Synopsis: Falling is only dangerous when it comes to an end.
Simon
Christopher Joseph Cooper has been falling for three days straight. That’s
almost enough time for him to figure out all the thousands of words he can
spell using the letters from his unusually long name. But his mind has been on
other things. He’s thirsty, he’s hungry, he’s tired, he’s worried about where
he’ll land. There’s no time for anagrams and Scrabble.
S.C.J. Cooper, or Simon, as I’ll call him,
fell down a hole the other day when trying to climb around a precipice. He
liked doing things with no practical purpose, like we all do, simply for the
feeling he got doing them. Putting himself in danger was a common practice that
made Simon feel alive. Now he isn’t sure how he feels.
Here he is, falling endlessly. The
cliff he was climbing was a daunting landform that had been mostly untouched by
the people of his town. Simon is known around town as a big talker and a
difficult person to like. He has his qualities, but they reside mostly in his wardrobe
and his penetrating stare that women call alluring and men call alarmingly
psychopathic, like two vacant orbs staring into the world with bad intent. That
daunting cliff sat right outside of town, overlooking a gaping pit thought to
be a cave. A cave no one bothered to explore.
The cave, as Simon found, is a pit
that goes on forever. What’s really something is that this pit isn’t pitch
black like you’d expect. The sunlight seems to bounce off the walls so freely
that it bounces all the way down into the cave during the day, and it never
gets any darker no matter how far down you go. Or at least, as far as Simon has
gone so far. When the sun is out, Simon sees the rocky walls of the pit speed
by him at dangerous speeds, and sometimes he reaches out to them, hoping he can
grab a ledge or a sharp surface and cut his limbs so he can bleed to death
instead of awaiting some impact that might never come.

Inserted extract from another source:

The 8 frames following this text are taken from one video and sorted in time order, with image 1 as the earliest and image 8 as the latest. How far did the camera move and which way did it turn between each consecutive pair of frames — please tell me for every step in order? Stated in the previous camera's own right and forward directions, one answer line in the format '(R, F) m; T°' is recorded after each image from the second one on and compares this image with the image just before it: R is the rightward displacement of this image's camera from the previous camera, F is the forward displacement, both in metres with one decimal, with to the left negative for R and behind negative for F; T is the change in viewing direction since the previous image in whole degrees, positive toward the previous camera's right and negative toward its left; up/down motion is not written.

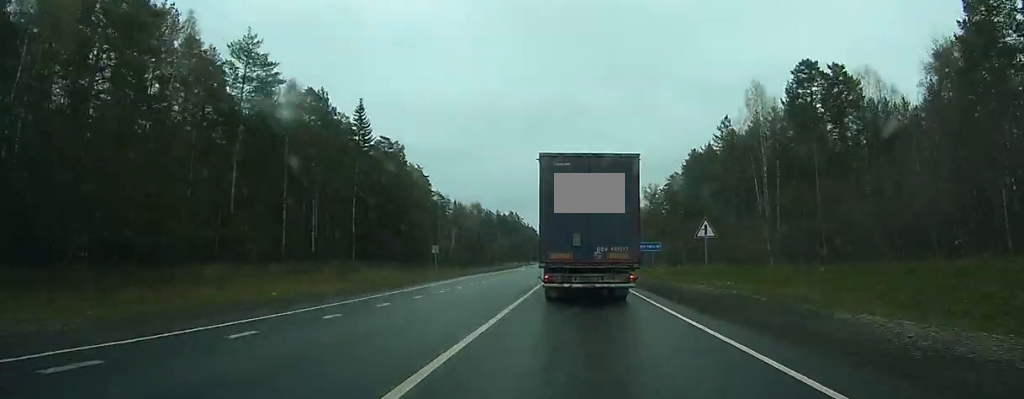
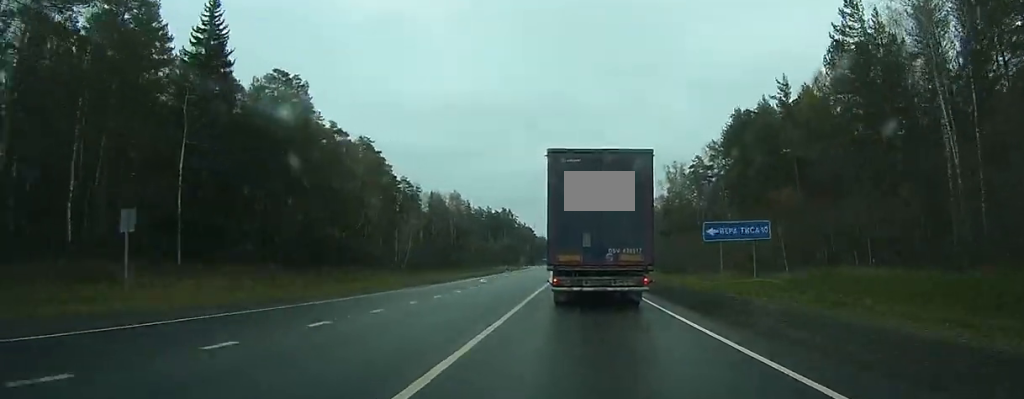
(+0.3, +44.6) m; +1°
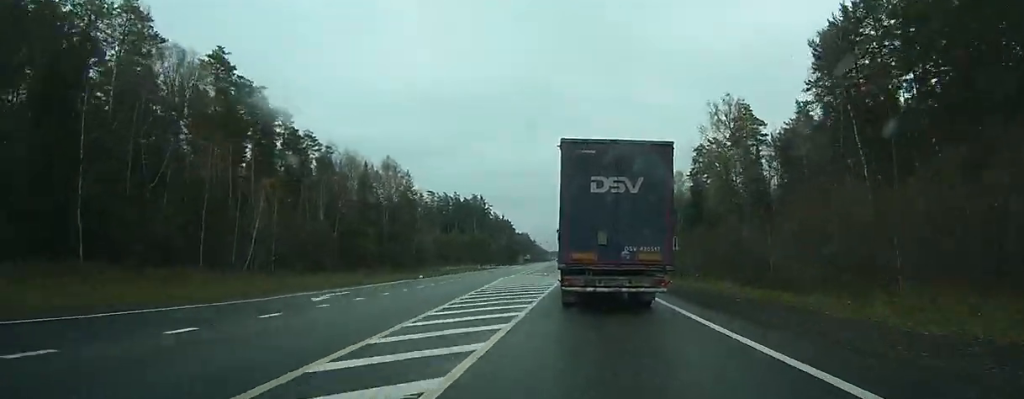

Although it’s lit all the way down,
Simon can’t see the bottom. It looks like this pit just keeps on going. As he’s
been falling, he’s had some time to think.
“A Mexican once said it’s better to
die on your feet than to live on your knees. What no one has said is where
dying on your head, or your back, or in mid-air falls on the scale of
desirability.”
Initially, when Simon first fell
from the cliff, he waved his arms and screamed and his heart seemed to freeze
into a painful ball in his chest. He turned his head away from the ground,
afraid to watch the earth race toward his face. But when he noticed he’d been
falling for almost a minute, he looked down to see he was descending down a
long hole. There was a noisy warble in his ears as the wind blew past.
In 1960, a US Air Force Captain by
the name of Joseph Kittinger walked off of a helium balloon floating 102,800
feet in the sky. He set the record for the world’s longest skydive. At terminal
velocity, Joseph was falling 275 meters per second, or 902 feet per second.
That’s pretty close to the speed of sound.
Simon didn’t know any of this, but
he knew skydiving was a thing he wanted to one day try. He also knew what
terminal velocity was. He knows he’s probably reached it. He’s been falling at
902 feet per second for three days. What he doesn’t know is that this means he
has been falling for about 259,200 seconds, and has traveled about 44,280
miles. The diameter of the Earth is only about 7,900 miles, depending on what
points you look at. So Simon has fallen the distance of almost six Earths.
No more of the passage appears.